#### WHAT TO DO
Copy the records below exactly, but leave out any picture they contain.
- - -
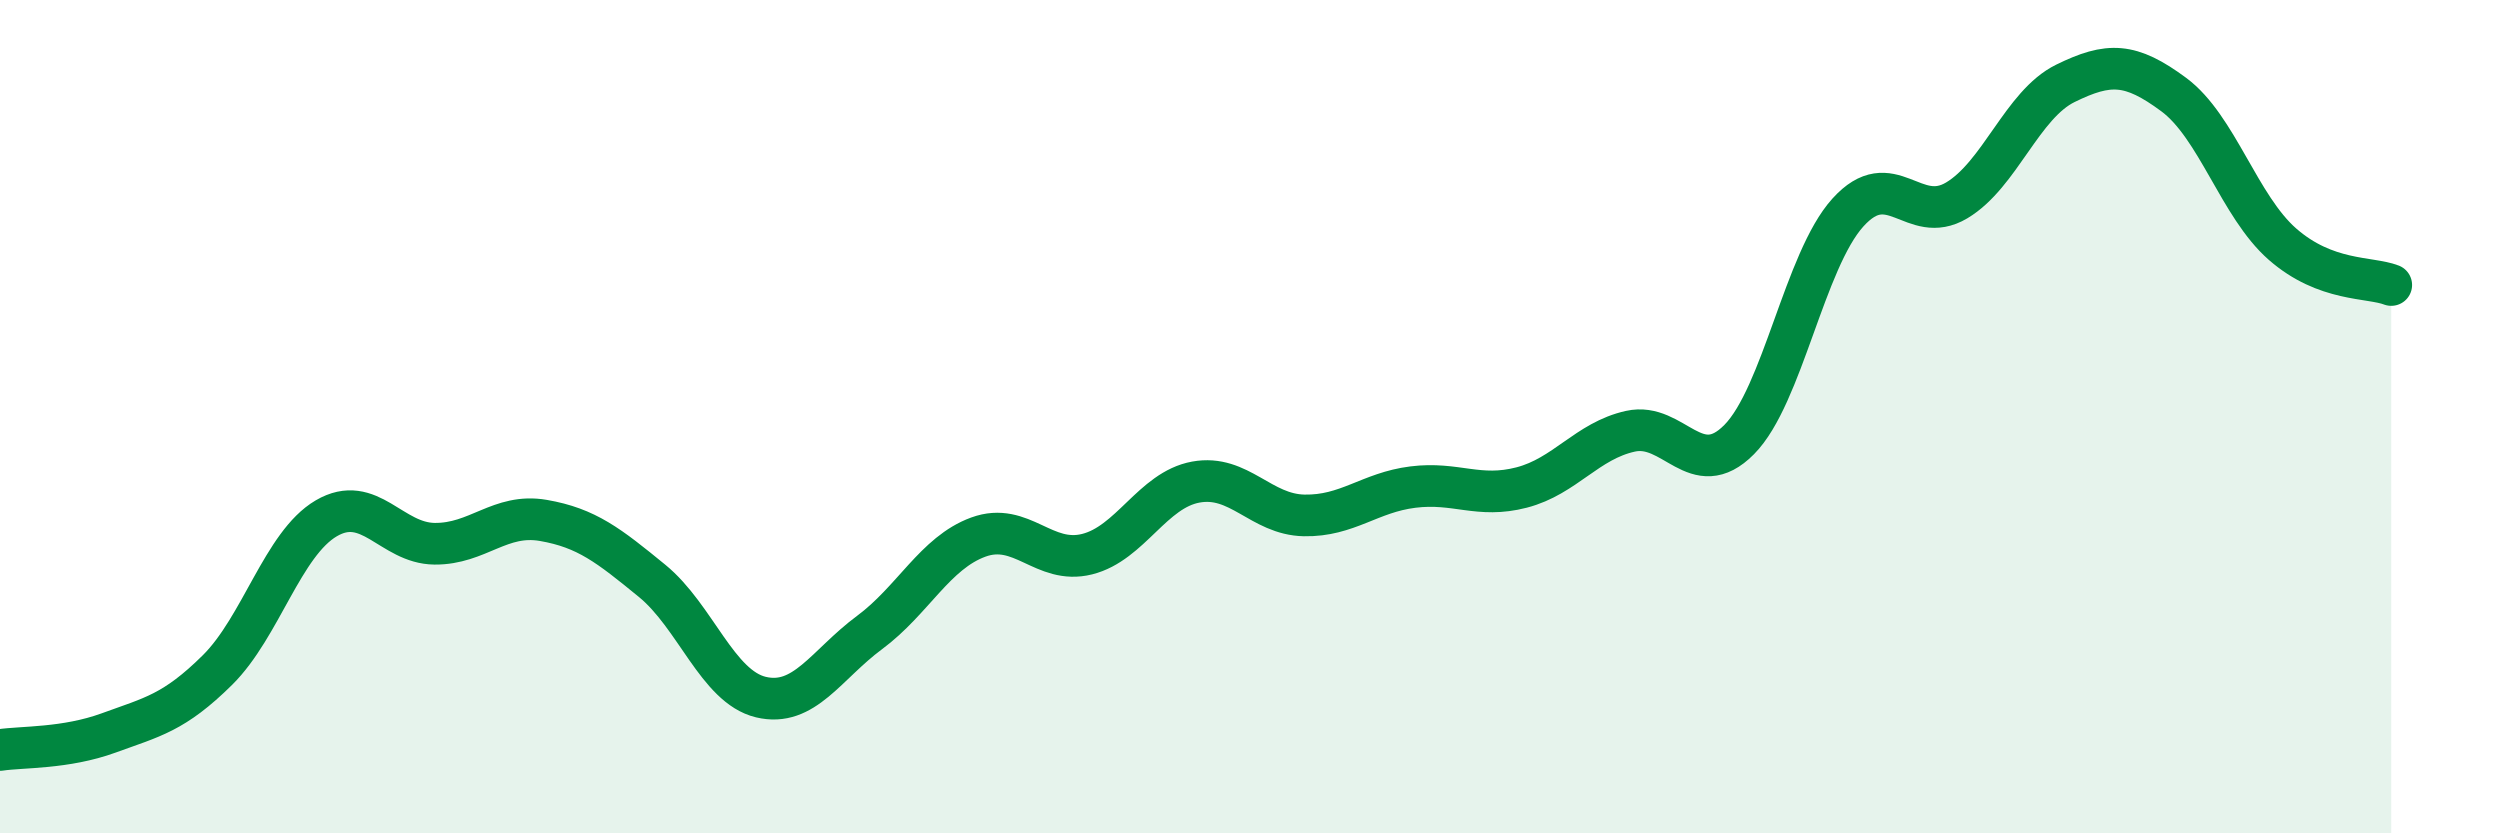 
    <svg width="60" height="20" viewBox="0 0 60 20" xmlns="http://www.w3.org/2000/svg">
      <path
        d="M 0,18 C 0.52,17.92 1.57,17.97 2.61,17.59 C 3.65,17.21 4.18,17.11 5.22,16.08 C 6.26,15.05 6.79,13.05 7.83,12.44 C 8.87,11.83 9.39,13.04 10.43,13.05 C 11.47,13.06 12,12.31 13.04,12.49 C 14.08,12.67 14.61,13.09 15.65,13.94 C 16.69,14.79 17.22,16.48 18.26,16.73 C 19.3,16.98 19.83,15.95 20.87,15.18 C 21.91,14.41 22.44,13.27 23.48,12.89 C 24.52,12.51 25.05,13.56 26.09,13.3 C 27.13,13.04 27.66,11.76 28.7,11.57 C 29.74,11.38 30.26,12.35 31.3,12.37 C 32.34,12.39 32.87,11.82 33.91,11.69 C 34.95,11.56 35.48,11.97 36.52,11.7 C 37.56,11.43 38.09,10.58 39.13,10.35 C 40.17,10.12 40.7,11.6 41.74,10.55 C 42.78,9.5 43.31,6.25 44.35,5.1 C 45.39,3.95 45.92,5.43 46.96,4.81 C 48,4.19 48.53,2.51 49.57,2 C 50.61,1.49 51.13,1.5 52.17,2.27 C 53.21,3.04 53.74,4.95 54.78,5.86 C 55.82,6.77 56.87,6.64 57.39,6.84L57.39 20L0 20Z"
        fill="#008740"
        opacity="0.1"
        stroke-linecap="round"
        stroke-linejoin="round"
      />
      <path
        d="M 0,18 C 0.52,17.92 1.57,17.97 2.61,17.59 C 3.65,17.21 4.18,17.11 5.22,16.08 C 6.26,15.05 6.79,13.05 7.83,12.44 C 8.87,11.83 9.39,13.04 10.43,13.05 C 11.47,13.06 12,12.31 13.04,12.49 C 14.08,12.67 14.61,13.09 15.65,13.94 C 16.69,14.79 17.22,16.48 18.26,16.73 C 19.3,16.98 19.83,15.95 20.87,15.18 C 21.91,14.41 22.44,13.27 23.48,12.89 C 24.52,12.51 25.05,13.56 26.09,13.3 C 27.13,13.04 27.66,11.76 28.7,11.57 C 29.74,11.38 30.26,12.35 31.3,12.37 C 32.34,12.39 32.87,11.82 33.91,11.69 C 34.95,11.56 35.48,11.97 36.52,11.7 C 37.56,11.43 38.09,10.58 39.13,10.35 C 40.17,10.12 40.7,11.6 41.74,10.55 C 42.78,9.5 43.31,6.25 44.35,5.1 C 45.39,3.95 45.92,5.43 46.96,4.81 C 48,4.19 48.53,2.51 49.57,2 C 50.61,1.49 51.13,1.5 52.17,2.27 C 53.21,3.04 53.74,4.95 54.78,5.86 C 55.82,6.77 56.87,6.64 57.39,6.84"
        stroke="#008740"
        stroke-width="1"
        fill="none"
        stroke-linecap="round"
        stroke-linejoin="round"
      />
    </svg>
- - -
#### ANSWER TO THE EXERCISE
    <svg width="60" height="20" viewBox="0 0 60 20" xmlns="http://www.w3.org/2000/svg">
      <path
        d="M 0,18 C 0.52,17.92 1.57,17.97 2.61,17.59 C 3.65,17.21 4.18,17.11 5.22,16.08 C 6.26,15.05 6.79,13.05 7.83,12.44 C 8.87,11.83 9.39,13.04 10.43,13.05 C 11.47,13.06 12,12.31 13.04,12.49 C 14.08,12.67 14.61,13.09 15.65,13.94 C 16.69,14.79 17.22,16.48 18.26,16.73 C 19.3,16.98 19.83,15.95 20.87,15.18 C 21.91,14.41 22.44,13.27 23.48,12.89 C 24.52,12.51 25.05,13.56 26.09,13.3 C 27.13,13.04 27.66,11.76 28.7,11.57 C 29.74,11.38 30.26,12.35 31.3,12.37 C 32.34,12.39 32.87,11.82 33.91,11.69 C 34.95,11.56 35.48,11.97 36.52,11.7 C 37.56,11.43 38.09,10.58 39.13,10.35 C 40.17,10.12 40.7,11.6 41.74,10.55 C 42.78,9.5 43.31,6.25 44.35,5.1 C 45.39,3.95 45.92,5.43 46.96,4.81 C 48,4.19 48.53,2.51 49.57,2 C 50.61,1.49 51.13,1.5 52.17,2.27 C 53.21,3.04 53.74,4.95 54.78,5.86 C 55.82,6.77 56.87,6.64 57.39,6.84L57.39 20L0 20Z"
        fill="#008740"
        opacity="0.1"
        stroke-linecap="round"
        stroke-linejoin="round"
      />
      <path
        d="M 0,18 C 0.52,17.92 1.57,17.97 2.61,17.59 C 3.65,17.21 4.18,17.11 5.22,16.08 C 6.26,15.05 6.79,13.05 7.83,12.44 C 8.87,11.83 9.39,13.04 10.43,13.05 C 11.47,13.06 12,12.31 13.04,12.49 C 14.08,12.67 14.61,13.09 15.65,13.94 C 16.69,14.79 17.22,16.48 18.26,16.73 C 19.3,16.98 19.83,15.95 20.87,15.18 C 21.91,14.41 22.44,13.27 23.48,12.89 C 24.52,12.51 25.05,13.56 26.09,13.3 C 27.13,13.04 27.66,11.76 28.7,11.57 C 29.74,11.38 30.26,12.35 31.3,12.37 C 32.34,12.39 32.87,11.82 33.91,11.69 C 34.95,11.56 35.48,11.97 36.52,11.7 C 37.56,11.43 38.09,10.58 39.13,10.35 C 40.17,10.12 40.7,11.6 41.74,10.55 C 42.78,9.5 43.31,6.25 44.35,5.1 C 45.39,3.95 45.92,5.43 46.96,4.81 C 48,4.19 48.53,2.51 49.57,2 C 50.61,1.49 51.13,1.5 52.17,2.27 C 53.21,3.04 53.74,4.95 54.78,5.86 C 55.82,6.77 56.87,6.64 57.39,6.84"
        stroke="#008740"
        stroke-width="1"
        fill="none"
        stroke-linecap="round"
        stroke-linejoin="round"
      />
    </svg>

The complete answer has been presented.